Where Iran crossed a line when it came to their backing of the Houthi uprising, those responsible in Iran will seek alternative means to undermine the Kingdom, unless there are consequences for their trespasses. Currently, the West is attempting to reign in Iran’s nuclear activities by completing a nuclear deal. Because the easing of international sanctions will bolster Iran’s ability to support its beneficiaries, it is the perfect time for Saudi Arabia, Pakistan, Morocco, Jordan, Egypt and all other Arab countries to reshape how Iran negatively influences the region.
Consequently, Saudi Arabia would be wise to pursue Pakistan’s help in the fight against the Islamic State.
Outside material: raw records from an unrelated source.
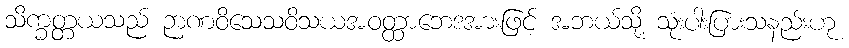
သိက္ခတ္တယသည် ဉာဏဝိသေသဝိသယအဝတ္ထာဘေဒအားဖြင့် အဘယ်သို့ သုံးပါးပြားသနည်းဟု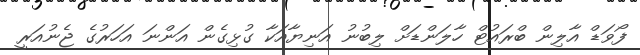
ފޯވަޑް އާލިން ބްރައުޓް ހާލަންޑަށް ލިބުނު އަނިޔާއަކާ ގުޅިގެން އަންނަ އަހަރުގެ ޖެނުއަރީ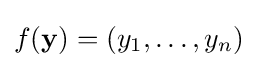
f(\mathbf {y} )=\left(y_{1},\dots ,y_{n}\right)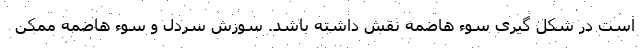
است در شکل گیری سوء هاضمه نقش داشته باشد. سوزش سردل و سوء هاضمه ممکن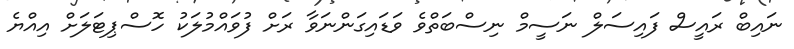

Because Iran’s support of the Assad government and Hezbollah makes it impossible to unify those forces fighting the Islamic State in Syria, intervention by Pakistan and the Saudi-led Arab coalition on behalf of the Free Syrian Army, along with the support of the US, could pressure Iran to finally drop support of Basher Al-Assad. It would also counteract Iran’s growing influence in Iraq. In other words, Pakistan could be used to balance Iranian influence and make the foreign policy of Iranian moderates far more appealing.
There is, of course, the issue of India. Pakistan and India have long had a troubled relationship while India, for example, owes Iran somewhere around $9 billion dollars for oil, thus there is always a potential for a proxy war when it comes to Pakistani military intervention. Because Iran’s isolation makes Iran far more reliant on India than India on Iran, India has considerable influence over Iran. As such, India and Pakistan could easily use the Middle East as a battleground.
Indian Prime Minister Narendra Modi’s heavy focus on foreign affairs, however, mitigates this potential. Not only does Modi want closer ties to the US, he wants to make peace with Pakistan. Meanwhile, a Pakistan focused on its Western borders is far less likely to conflict with its Eastern neighbors, thus Pakistan’s engagement in the Middle East is within the interest of India. Not only will it make it easier for India to pursue peace with Pakistan, it will give India a chance to focus on its relationship with China. As such, India has an interest in exerting its influence over Iran to help Pakistan
Finally, the US-Pakistan relationship is a complicated, dysfunctional one that has long been plagued by serious conflicts. That said, it is important to recognize those conflicts have been over America’s efforts to combat insurgents within Pakistan’s territory. Given the role of Pakistan and the US in the Middle East would be to fight insurgents on the territories of other nations, greater Pakistani involvement throughout the region could give both allies a chance to cooperate and rebuild their relationship.
Moreover, Saudi Arabia’s efforts to secure Pakistani intervention against the Houthi rebels in Yemen offer an opportunity for the West and pro-Western forces of the Middle East. Not only could Pakistan help curtail the counterproductive influence of Iran, it has the ground forces needed to address threats like the Islamic State without relying on Iran, i.e. the conflict of interests the US and other allies now faces with Iranian involved in Iraq would dissolve. Instead, Iran would find itself increasingly pressured to embrace moderate foreign policy stances and unable to pursue its interests by undercutting its neighbors.